Aim of the exercise:
Once the line containing "4.2 s after image 1." is found, please set it down along with each following line, exactly, to the end of the material.

++++ Recorded information ++++

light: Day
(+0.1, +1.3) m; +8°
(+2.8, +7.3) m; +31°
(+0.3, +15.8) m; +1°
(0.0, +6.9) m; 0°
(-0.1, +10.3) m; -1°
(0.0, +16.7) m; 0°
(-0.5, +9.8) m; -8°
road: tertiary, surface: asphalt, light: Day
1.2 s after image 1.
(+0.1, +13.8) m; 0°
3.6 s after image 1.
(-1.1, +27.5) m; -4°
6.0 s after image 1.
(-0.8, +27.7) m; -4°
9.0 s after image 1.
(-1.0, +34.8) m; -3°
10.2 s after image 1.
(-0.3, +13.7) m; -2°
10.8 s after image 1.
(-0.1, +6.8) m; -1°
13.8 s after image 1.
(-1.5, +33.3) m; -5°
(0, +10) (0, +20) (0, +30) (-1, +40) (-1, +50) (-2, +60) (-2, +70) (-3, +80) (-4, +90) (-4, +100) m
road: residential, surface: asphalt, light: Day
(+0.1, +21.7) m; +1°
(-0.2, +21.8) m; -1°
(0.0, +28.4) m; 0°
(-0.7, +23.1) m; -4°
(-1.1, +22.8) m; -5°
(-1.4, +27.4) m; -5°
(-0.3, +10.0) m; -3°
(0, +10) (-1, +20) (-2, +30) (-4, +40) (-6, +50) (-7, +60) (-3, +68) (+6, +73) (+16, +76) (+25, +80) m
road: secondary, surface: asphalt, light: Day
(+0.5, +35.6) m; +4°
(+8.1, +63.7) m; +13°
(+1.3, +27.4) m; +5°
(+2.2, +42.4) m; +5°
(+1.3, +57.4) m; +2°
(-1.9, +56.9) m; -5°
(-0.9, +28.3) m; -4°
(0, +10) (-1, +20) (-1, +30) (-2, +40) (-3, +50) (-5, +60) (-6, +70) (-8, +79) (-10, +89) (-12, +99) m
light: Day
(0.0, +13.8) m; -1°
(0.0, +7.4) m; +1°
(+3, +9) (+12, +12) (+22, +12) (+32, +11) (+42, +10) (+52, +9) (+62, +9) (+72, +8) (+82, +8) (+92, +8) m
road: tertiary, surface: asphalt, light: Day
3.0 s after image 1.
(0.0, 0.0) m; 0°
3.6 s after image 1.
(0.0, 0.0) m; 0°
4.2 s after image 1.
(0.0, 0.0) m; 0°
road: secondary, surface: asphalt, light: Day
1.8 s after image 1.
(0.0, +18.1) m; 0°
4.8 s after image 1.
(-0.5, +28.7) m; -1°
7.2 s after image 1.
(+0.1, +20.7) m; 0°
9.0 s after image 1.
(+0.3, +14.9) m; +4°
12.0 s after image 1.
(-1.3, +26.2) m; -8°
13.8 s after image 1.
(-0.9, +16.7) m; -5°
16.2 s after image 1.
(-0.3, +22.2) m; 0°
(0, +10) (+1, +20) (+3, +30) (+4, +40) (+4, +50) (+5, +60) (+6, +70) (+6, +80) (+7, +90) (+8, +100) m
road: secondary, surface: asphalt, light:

++++

Finished task:
4.2 s after image 1.
(0.0, 0.0) m; 0°
road: secondary, surface: asphalt, light: Day
1.8 s after image 1.
(0.0, +18.1) m; 0°
4.8 s after image 1.
(-0.5, +28.7) m; -1°
7.2 s after image 1.
(+0.1, +20.7) m; 0°
9.0 s after image 1.
(+0.3, +14.9) m; +4°
12.0 s after image 1.
(-1.3, +26.2) m; -8°
13.8 s after image 1.
(-0.9, +16.7) m; -5°
16.2 s after image 1.
(-0.3, +22.2) m; 0°
(0, +10) (+1, +20) (+3, +30) (+4, +40) (+4, +50) (+5, +60) (+6, +70) (+6, +80) (+7, +90) (+8, +100) m
road: secondary, surface: asphalt, light:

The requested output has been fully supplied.